In this paper we analyze the results of four BD-CVIs. Three of them are based on traditional CVIs—the BD-Silhouette, BD-Dunn and Davies-Bouldin indices—and the other is based on the Within Set Sum of Square Error (WSSSE) index offered by the MLlib. These BD-CVIs will be defined below. Let $\mathsf{\Omega }$ be the space of the objects with a given distance d. Let ${\left\{A_k\right\}}_{k=1..N}$ be a set of clusters so that ${\bigcup }_k{A}_k=\mathsf{\Omega }$ and $A_i\cap A_j=Ø\forall i\ne j$. Let $C_k$ be the centroid of $A_k$ and $C_0$ the centroid of $\mathsf{\Omega }$.

BD-Silhouette: This index [11] is defined as the difference between inter-cluster and intra-cluster distances, divided by the maximum of them.

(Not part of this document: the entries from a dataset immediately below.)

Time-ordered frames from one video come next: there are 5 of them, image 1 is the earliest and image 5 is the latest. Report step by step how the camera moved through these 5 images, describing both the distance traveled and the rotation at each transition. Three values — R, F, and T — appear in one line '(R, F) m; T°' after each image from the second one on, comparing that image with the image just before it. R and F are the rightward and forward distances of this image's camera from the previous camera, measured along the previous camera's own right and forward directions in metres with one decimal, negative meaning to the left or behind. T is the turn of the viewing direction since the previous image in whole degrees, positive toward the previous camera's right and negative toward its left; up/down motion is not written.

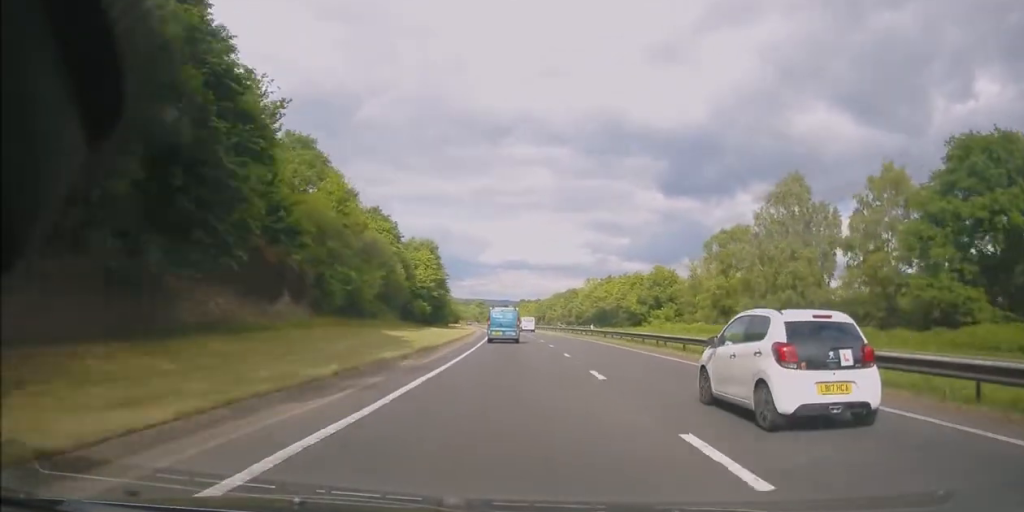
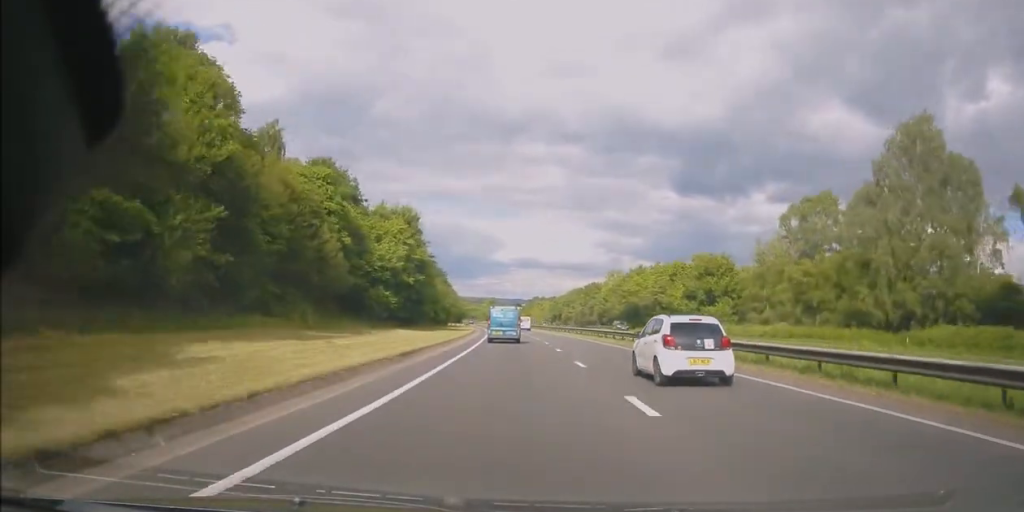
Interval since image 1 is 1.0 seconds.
(-0.7, +22.8) m; -3°
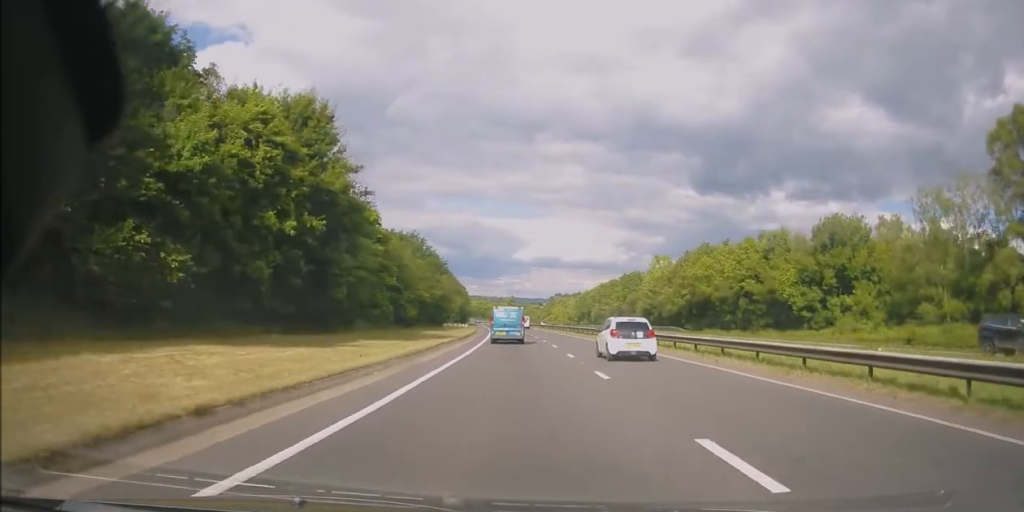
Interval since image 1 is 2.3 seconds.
(-0.6, +30.1) m; -1°
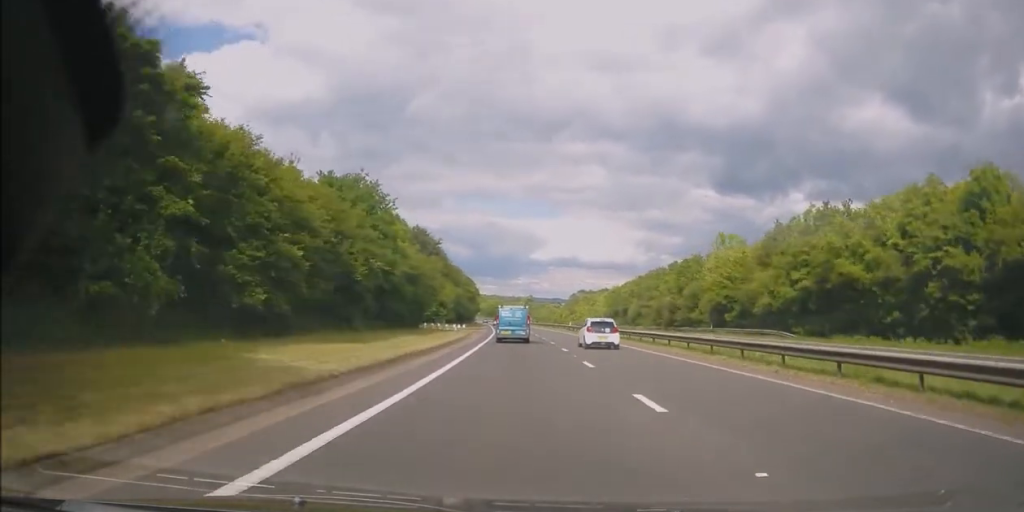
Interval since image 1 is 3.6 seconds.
(+0.1, +29.9) m; 0°
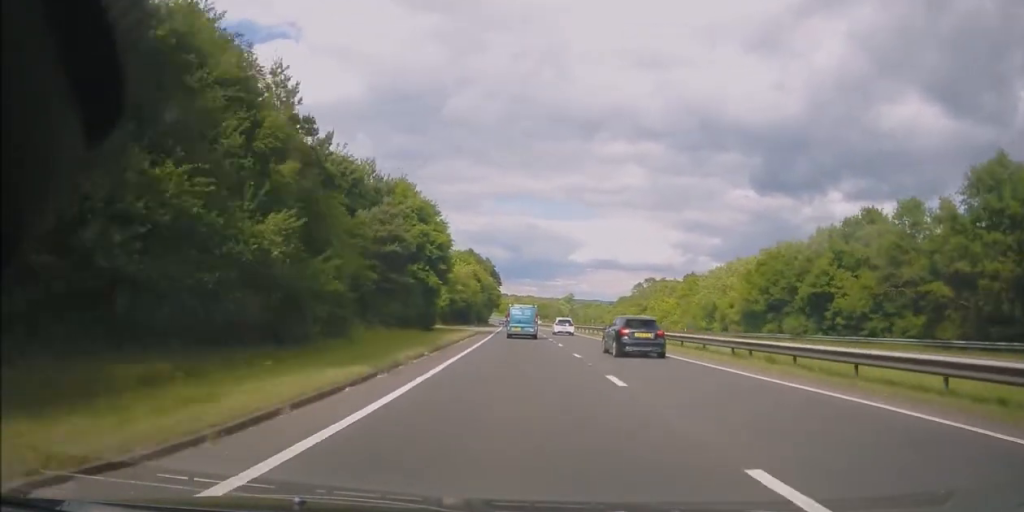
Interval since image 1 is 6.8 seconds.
(-2.0, +72.2) m; -4°

The inter-cluster distance is the average of distances between each cluster centroid and global centroid $C_0$. It is defined by:

$${\displaystyle inter\text{-}cluster=\frac{1}{N}\sum _{k=1}^{N}d(C_k,C_0)}$$

(1)

The intra-cluster distance is defined as the average of the sum of the distances between each point and the centroid of the cluster to which it belongs. It is defined by the following equations:

$${\displaystyle r_k=\frac{1}{|A_k|}\sum _{x_i\in A_k}d(x_i,C_k)}$$

(2)

$${\displaystyle intra\text{-}cluster=\frac{1}{\left|N\right|}\sum _{k=1}^N{r}_k}$$

(3)

Therefore, the BD-Silhouette index is defined as follows:

$$BD\text{-}Silhouette=\frac{inter\text{-}cluster-intra\text{-}cluster}{max\{inter\text{-}cluster,intra\text{-}cluster\}}$$

(4)

This value can range from −1 to 1 depending on the separation and consistency of the clusters. At the negative end, it will take the value −1 when there is only one cluster, and at the positive end, it will take the value 1 when there is a cluster for each of the dataset elements. In order to find an optimal value, it is necessary to look for the lowest possible K that maximizes the coherence and consistency of the cluster, being this the first maximum of the BD-Silhouette index.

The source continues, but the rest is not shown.